**How to complete this task**
Your output must be the line containing "<title>Logo Bulder Bank</title>" followed by every later line in the entries below, all copied exactly.
═════ Task material
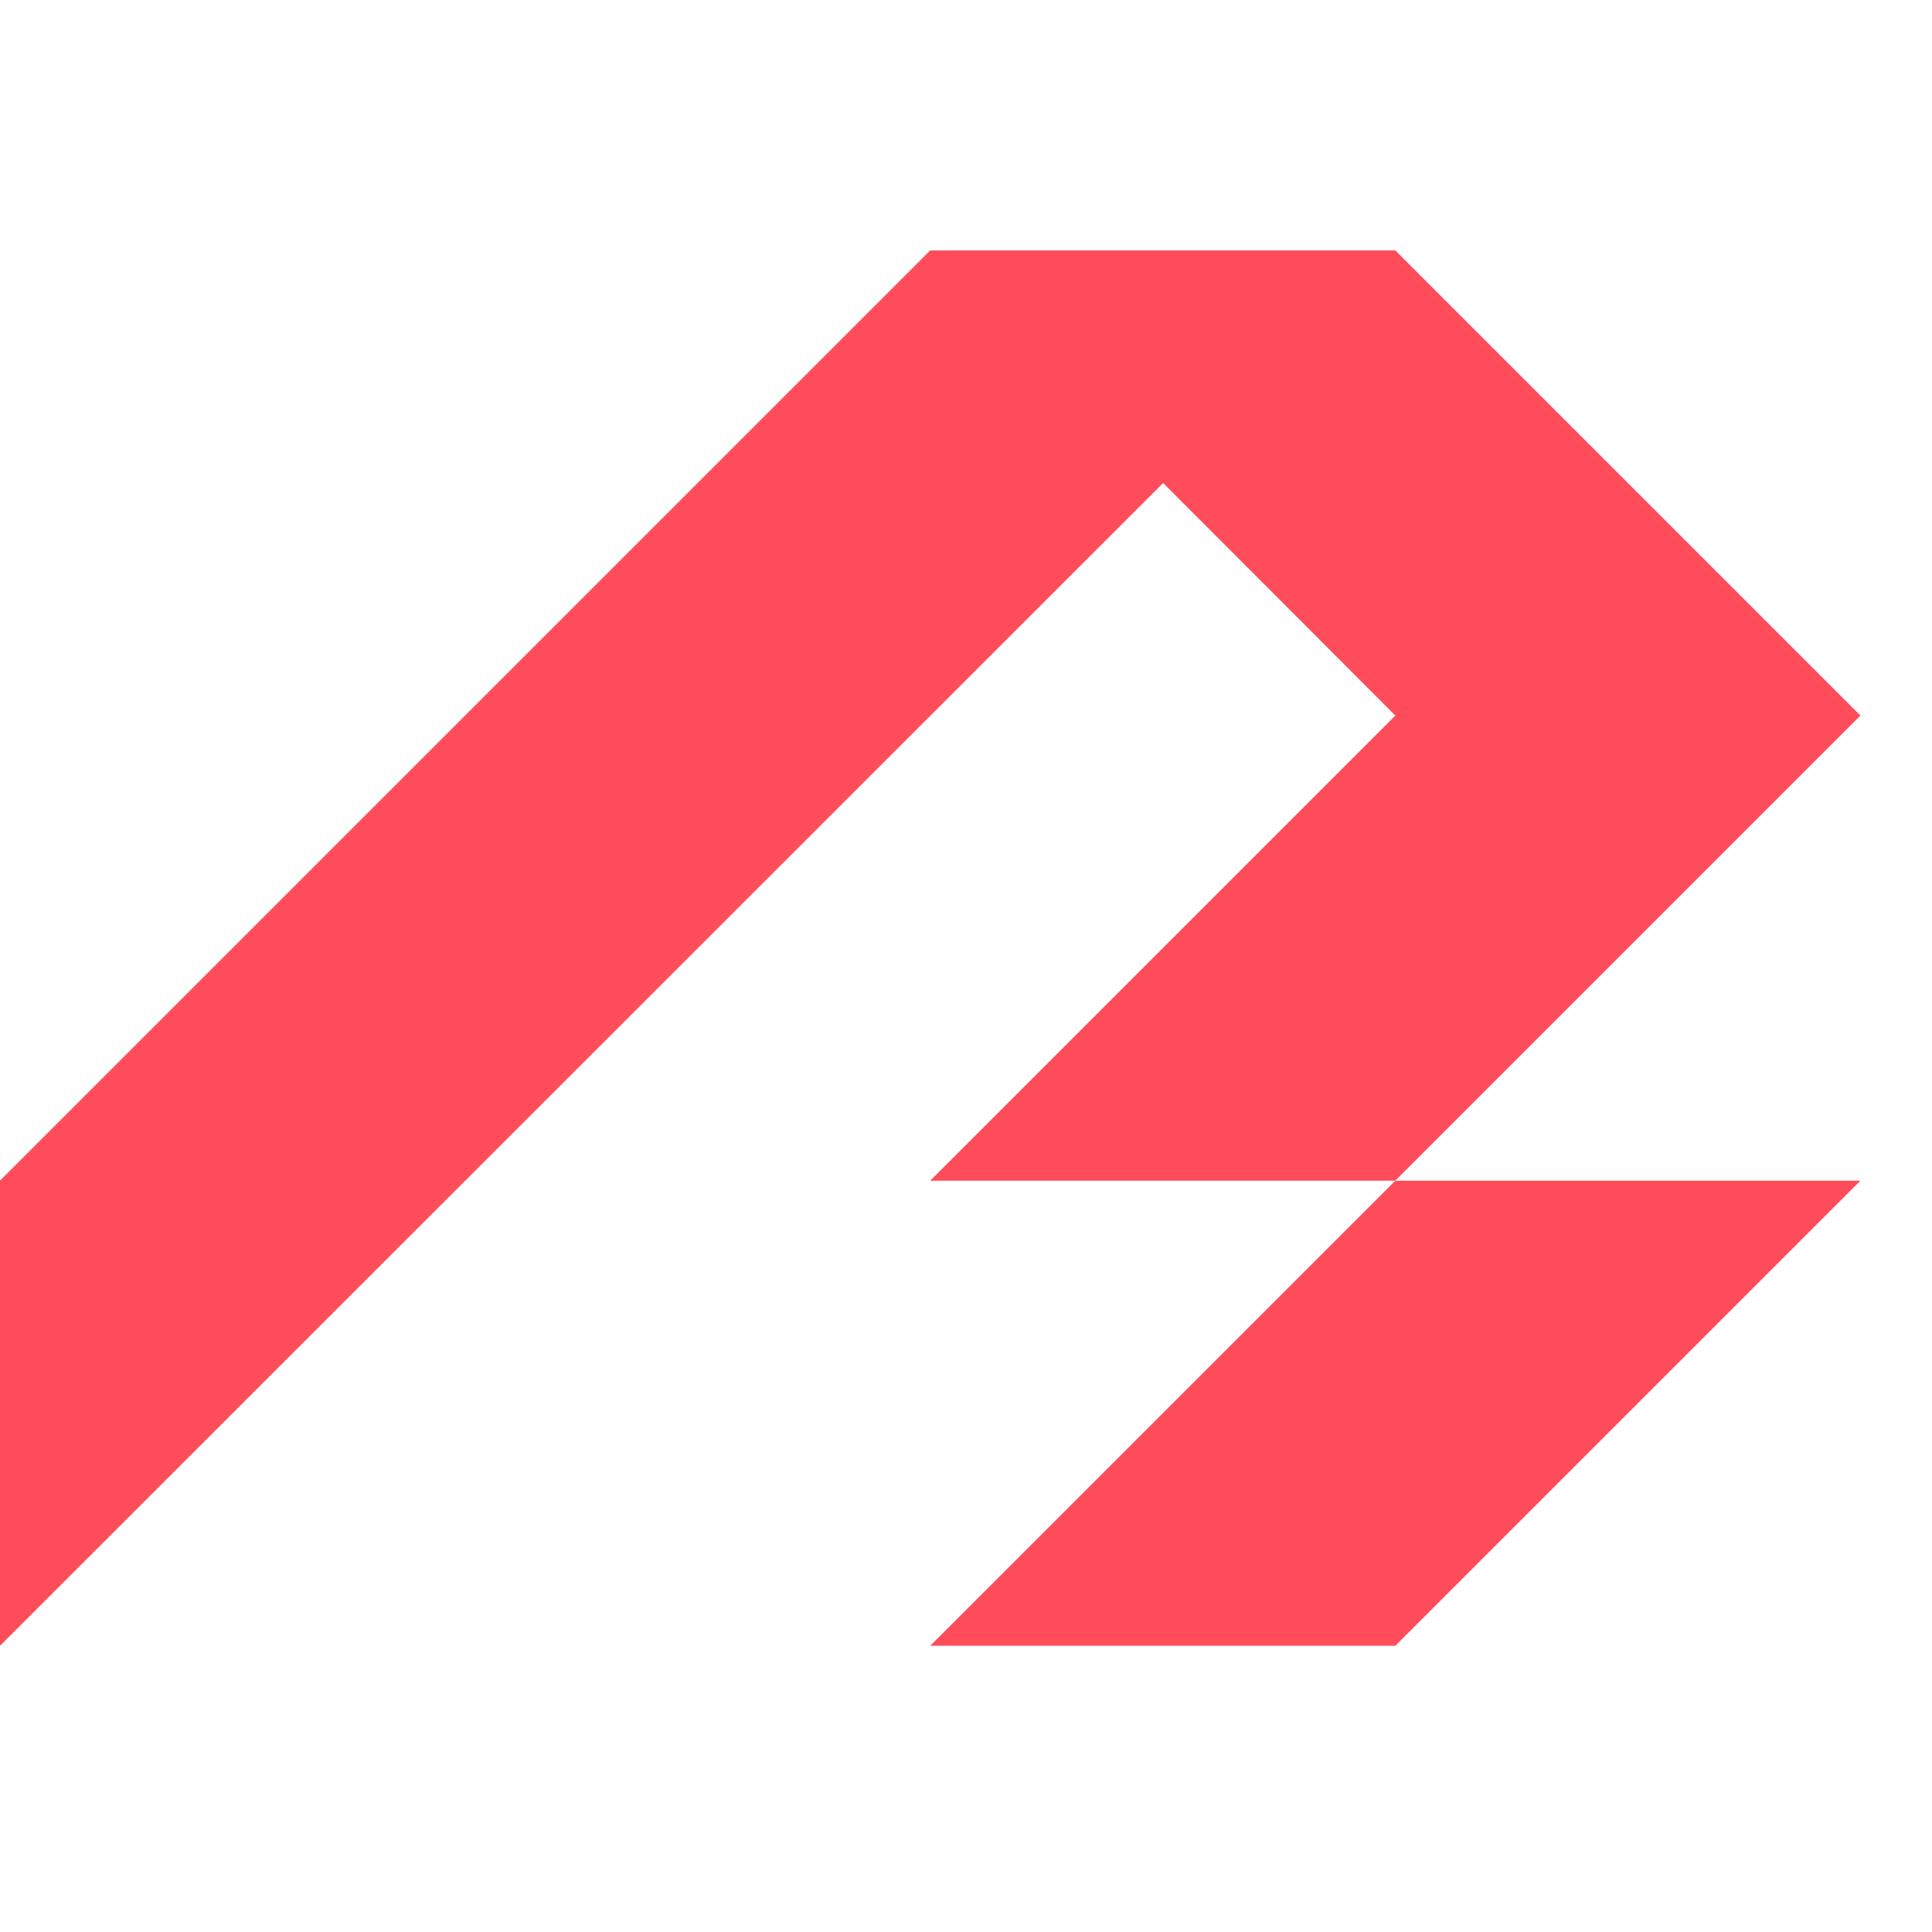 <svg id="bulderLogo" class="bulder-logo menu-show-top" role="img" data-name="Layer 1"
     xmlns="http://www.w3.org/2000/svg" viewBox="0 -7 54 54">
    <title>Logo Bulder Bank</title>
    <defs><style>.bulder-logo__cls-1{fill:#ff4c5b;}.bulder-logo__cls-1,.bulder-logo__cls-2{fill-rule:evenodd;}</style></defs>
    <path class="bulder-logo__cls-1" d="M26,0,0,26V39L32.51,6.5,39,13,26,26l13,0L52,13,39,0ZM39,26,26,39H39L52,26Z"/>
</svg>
══════════
**Reply**
    <title>Logo Bulder Bank</title>
    <defs><style>.bulder-logo__cls-1{fill:#ff4c5b;}.bulder-logo__cls-1,.bulder-logo__cls-2{fill-rule:evenodd;}</style></defs>
    <path class="bulder-logo__cls-1" d="M26,0,0,26V39L32.51,6.5,39,13,26,26l13,0L52,13,39,0ZM39,26,26,39H39L52,26Z"/>
</svg>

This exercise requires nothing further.